Exercise objective: The required answer is each line in the entries below where "this" occurs.

Material to process:
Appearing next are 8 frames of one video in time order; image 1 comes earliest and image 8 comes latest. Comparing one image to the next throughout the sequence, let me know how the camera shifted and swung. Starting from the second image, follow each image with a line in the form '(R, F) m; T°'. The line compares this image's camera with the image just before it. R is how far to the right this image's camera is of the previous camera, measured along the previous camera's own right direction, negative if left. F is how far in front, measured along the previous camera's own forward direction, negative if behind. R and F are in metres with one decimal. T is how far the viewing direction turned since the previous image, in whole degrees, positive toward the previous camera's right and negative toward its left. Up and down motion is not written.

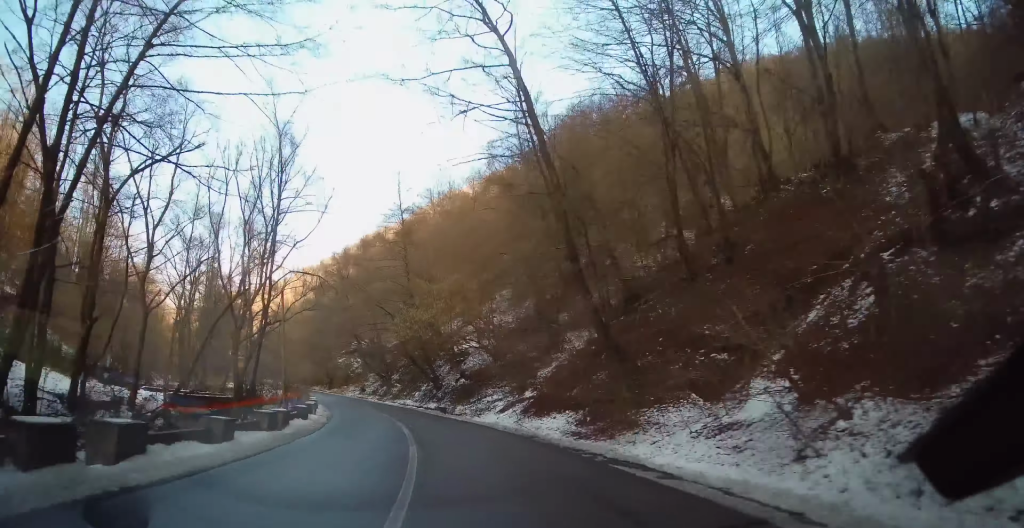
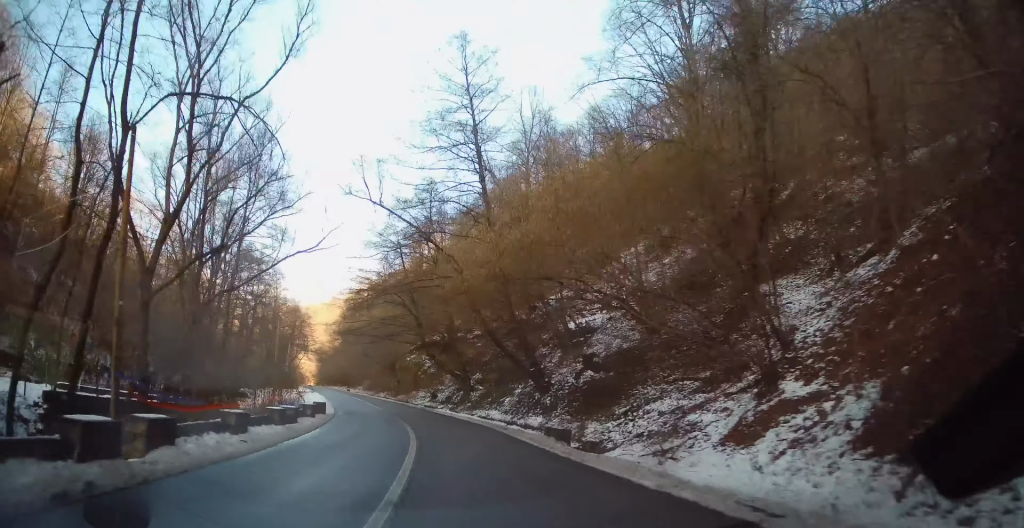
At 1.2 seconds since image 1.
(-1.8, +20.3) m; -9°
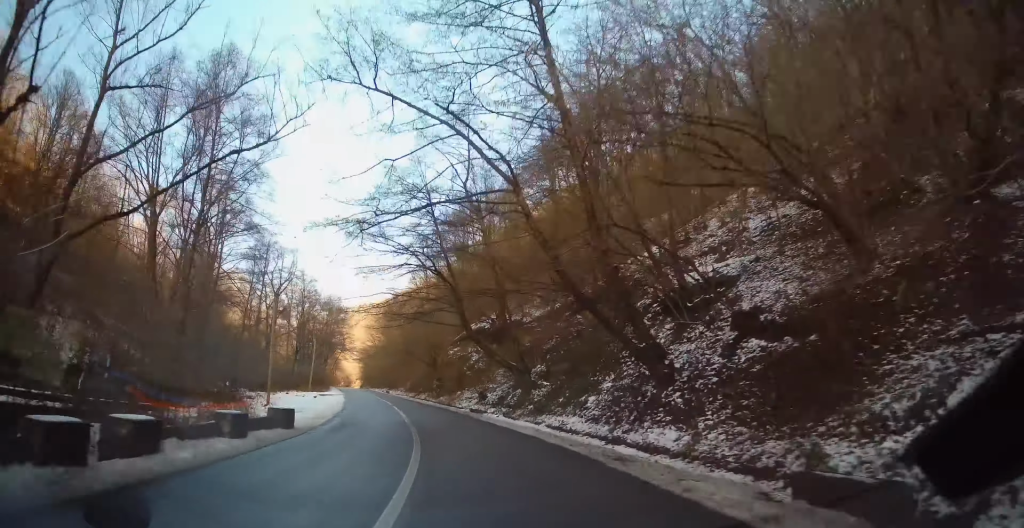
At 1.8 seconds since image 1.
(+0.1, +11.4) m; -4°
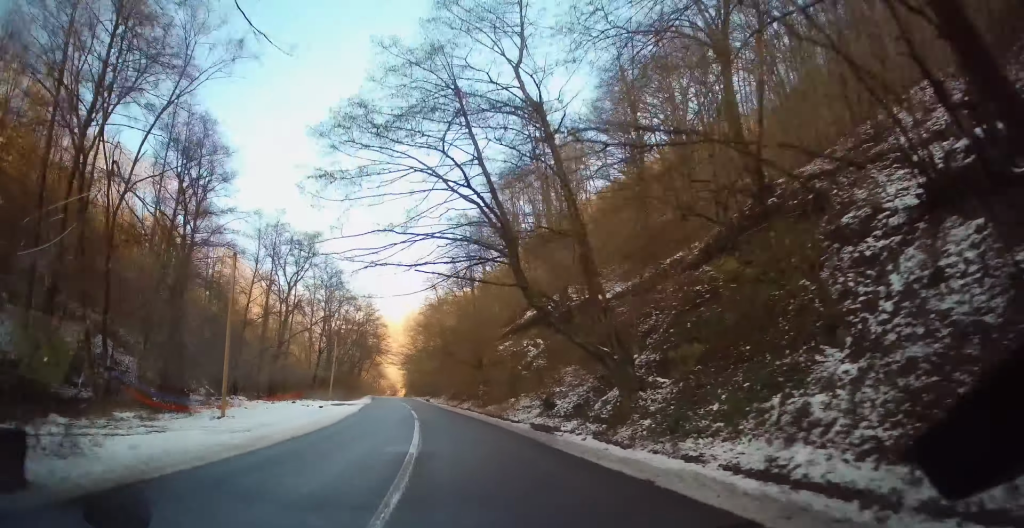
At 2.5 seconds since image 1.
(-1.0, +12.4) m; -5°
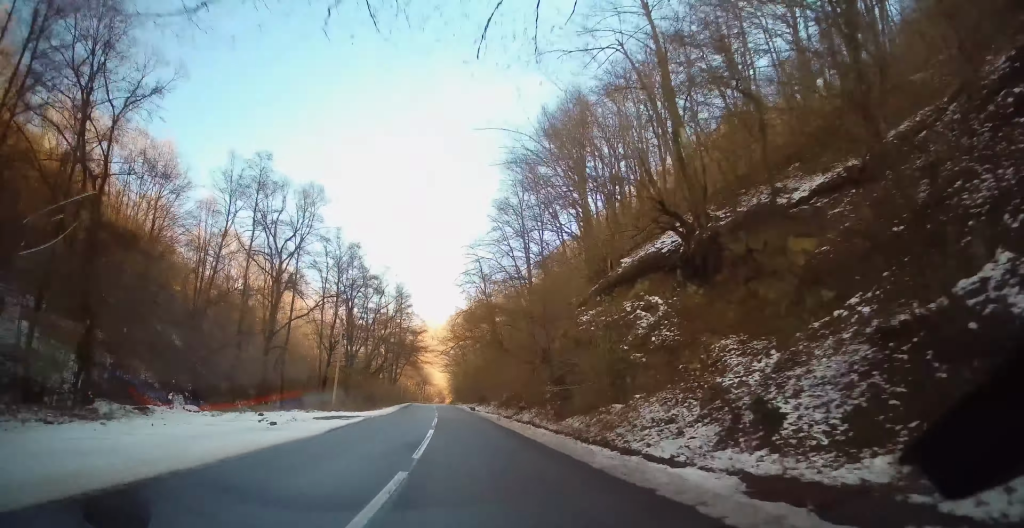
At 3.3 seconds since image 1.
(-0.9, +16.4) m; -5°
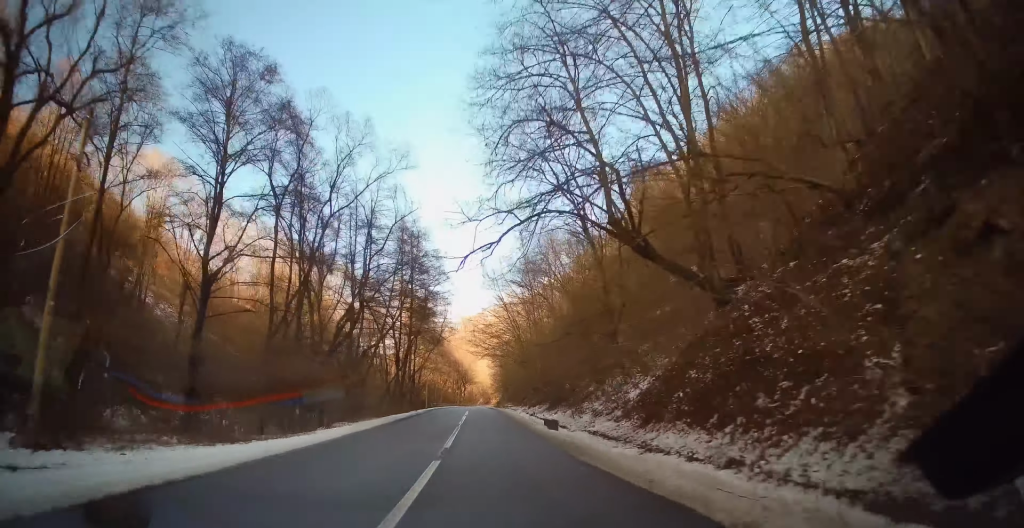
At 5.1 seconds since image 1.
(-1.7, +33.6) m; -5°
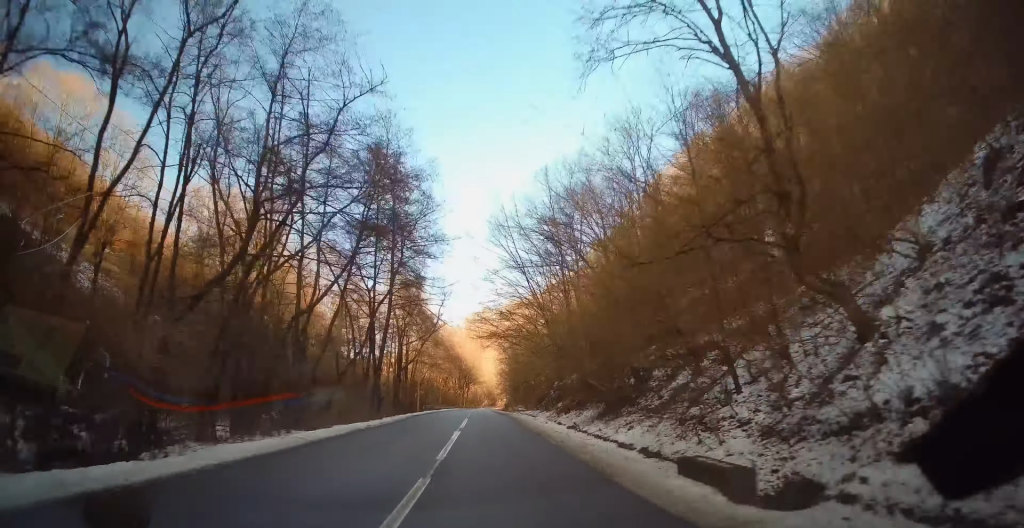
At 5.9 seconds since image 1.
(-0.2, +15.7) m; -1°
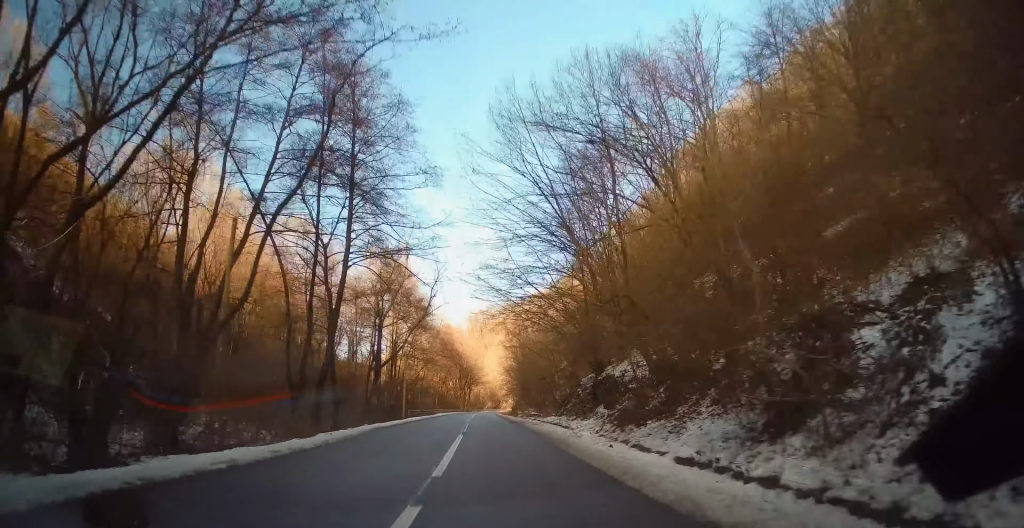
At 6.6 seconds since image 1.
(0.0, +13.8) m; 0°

==

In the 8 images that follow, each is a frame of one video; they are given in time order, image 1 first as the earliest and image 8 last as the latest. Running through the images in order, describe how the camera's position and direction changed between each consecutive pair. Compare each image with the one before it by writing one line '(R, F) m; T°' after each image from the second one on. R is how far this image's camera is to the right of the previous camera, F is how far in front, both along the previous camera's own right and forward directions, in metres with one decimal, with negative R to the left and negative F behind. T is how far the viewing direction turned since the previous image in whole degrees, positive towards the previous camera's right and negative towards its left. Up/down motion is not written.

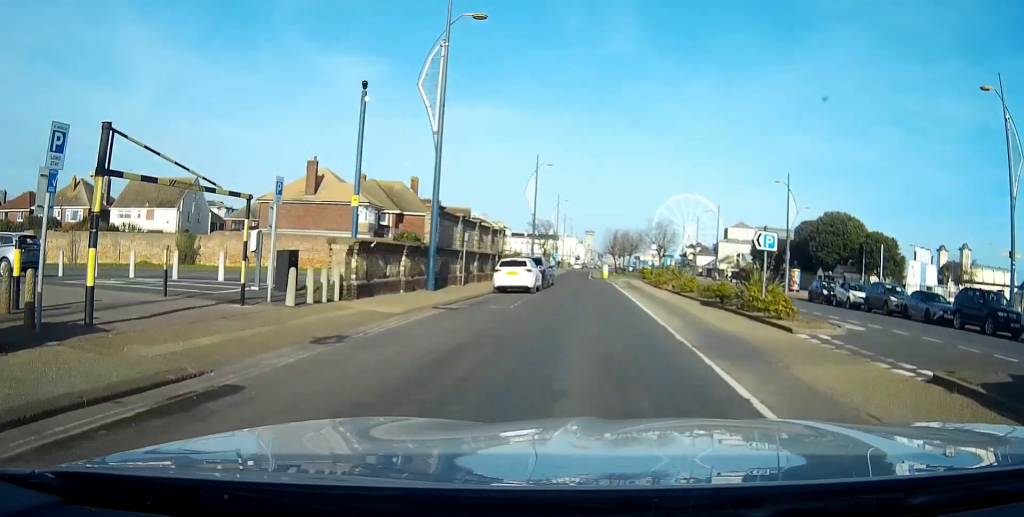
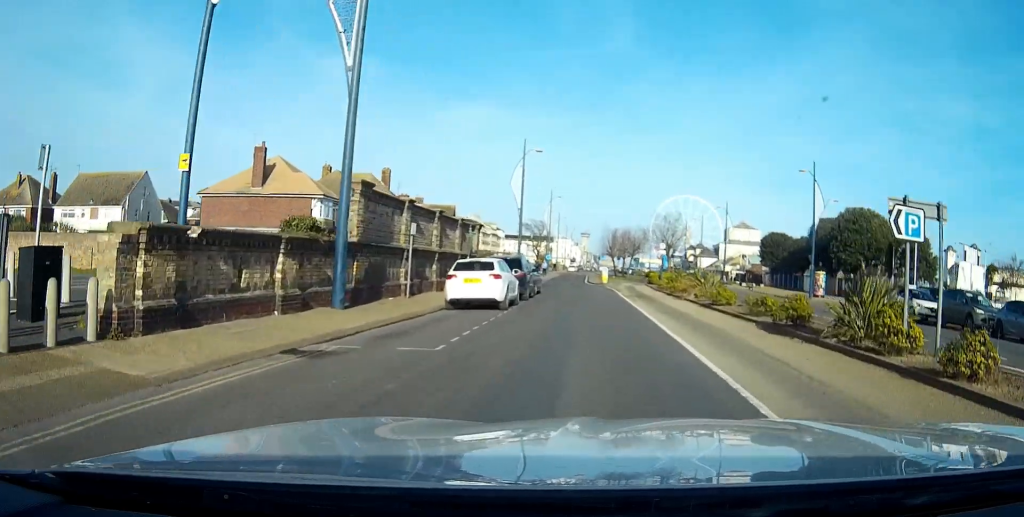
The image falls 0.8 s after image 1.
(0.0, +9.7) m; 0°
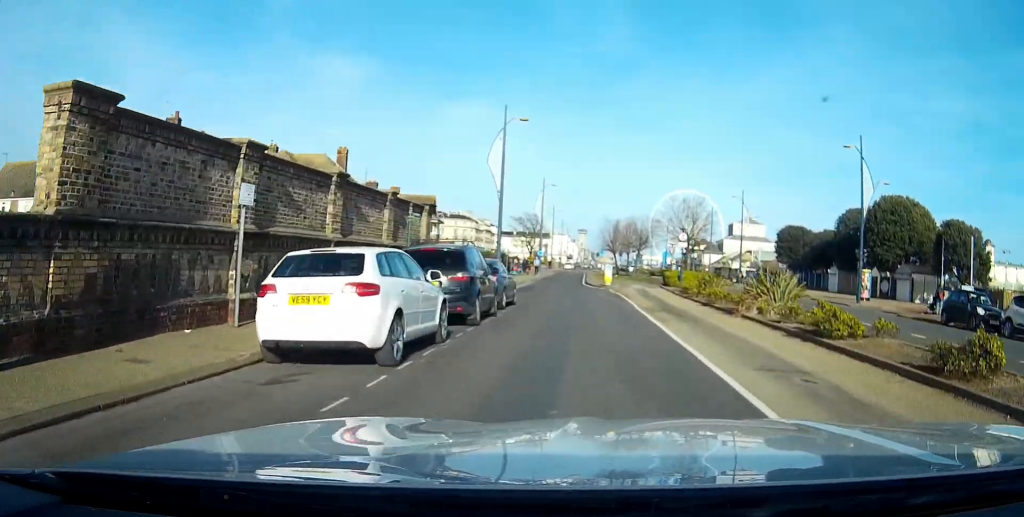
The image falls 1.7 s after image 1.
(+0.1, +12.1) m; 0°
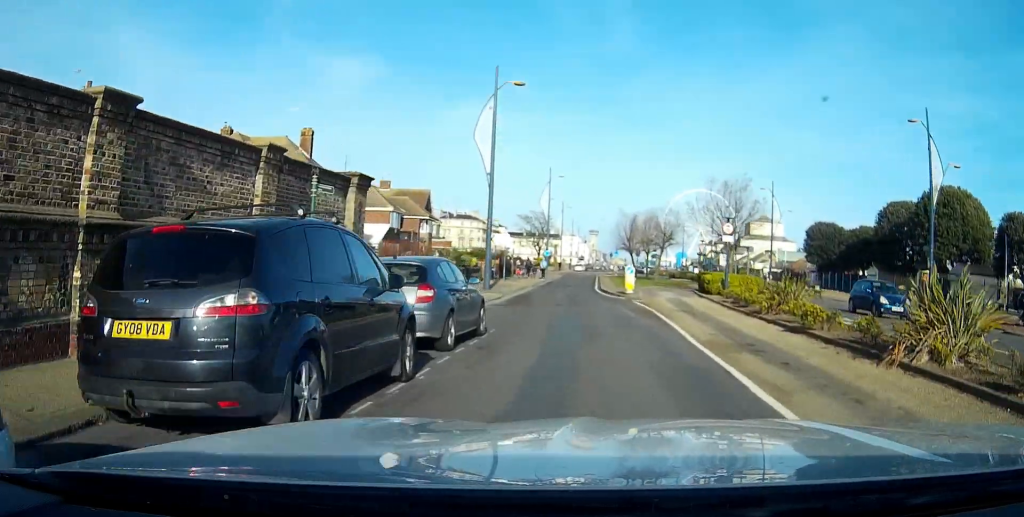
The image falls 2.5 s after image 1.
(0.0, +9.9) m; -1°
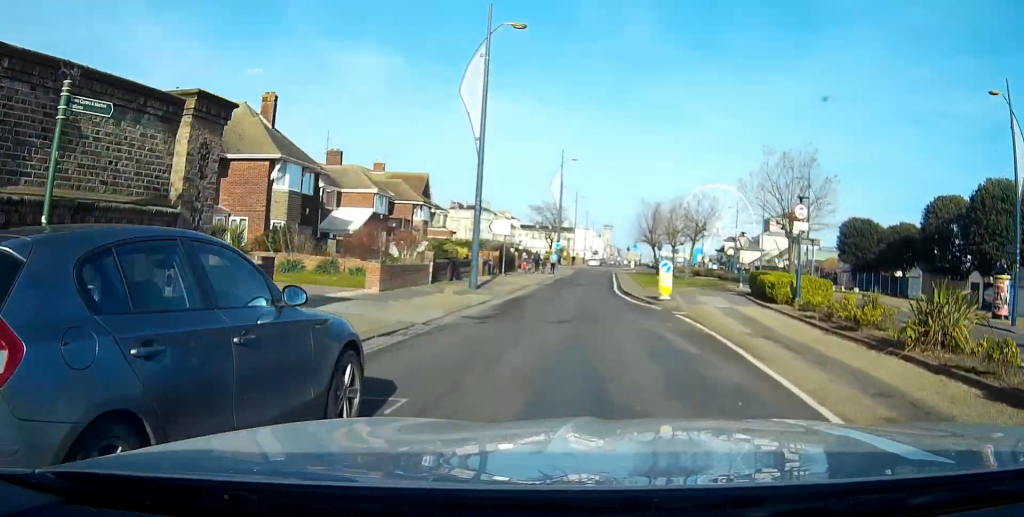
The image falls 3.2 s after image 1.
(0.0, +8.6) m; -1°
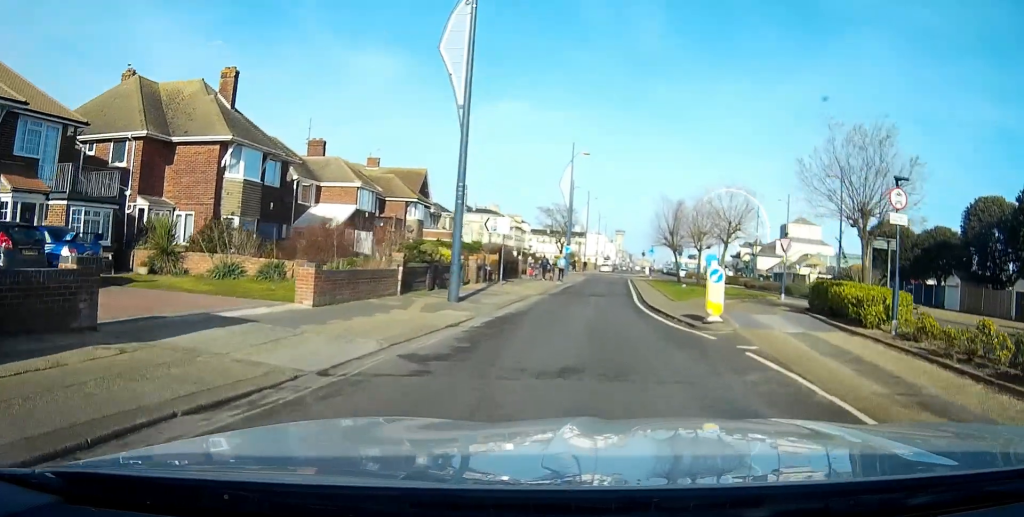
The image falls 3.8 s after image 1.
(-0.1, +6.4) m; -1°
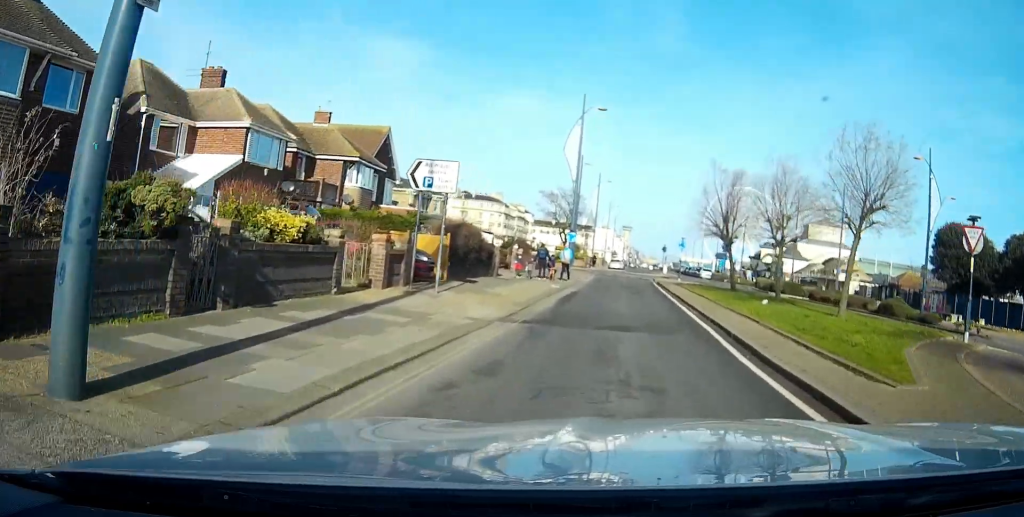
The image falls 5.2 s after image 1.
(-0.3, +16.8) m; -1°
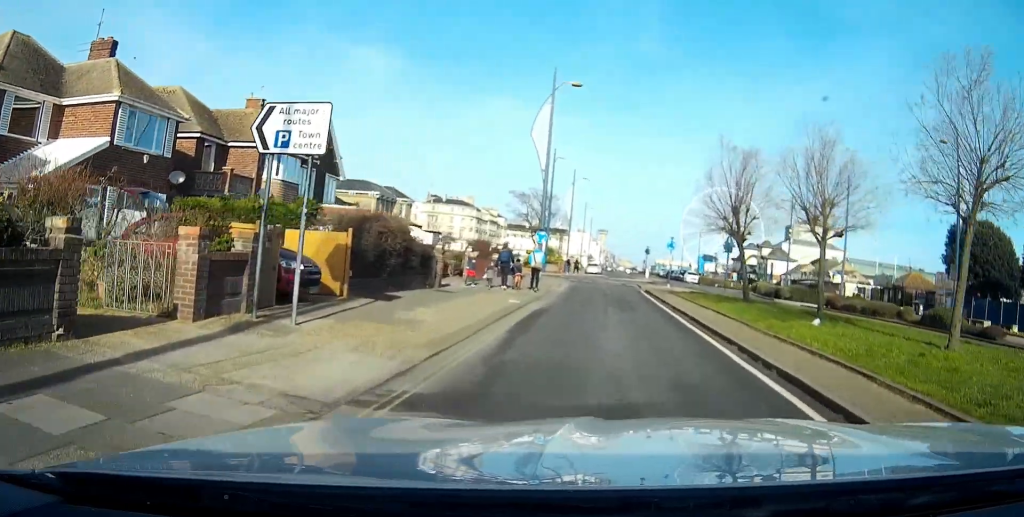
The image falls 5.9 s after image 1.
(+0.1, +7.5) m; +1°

Your solution:
Appearing next are 8 frames of one video in time order; image 1 comes earliest and image 8 comes latest. Comparing one image to the next throughout the sequence, let me know how the camera shifted and swung. Starting from the second image, follow each image with a line in the form '(R, F) m; T°'. The line compares this image's camera with the image just before it. R is how far to the right this image's camera is of the previous camera, measured along the previous camera's own right direction, negative if left. F is how far in front, measured along the previous camera's own forward direction, negative if behind. R and F are in metres with one decimal. T is how far the viewing direction turned since the previous image, in whole degrees, positive toward the previous camera's right and negative toward its left. Up and down motion is not written.
In the 8 images that follow, each is a frame of one video; they are given in time order, image 1 first as the earliest and image 8 last as the latest. Running through the images in order, describe how the camera's position and direction changed between each consecutive pair. Compare each image with the one before it by writing one line '(R, F) m; T°' after each image from the second one on. R is how far this image's camera is to the right of the previous camera, F is how far in front, both along the previous camera's own right and forward directions, in metres with one decimal, with negative R to the left and negative F behind. T is how far the viewing direction turned since the previous image in whole degrees, positive towards the previous camera's right and negative towards its left. Up/down motion is not written.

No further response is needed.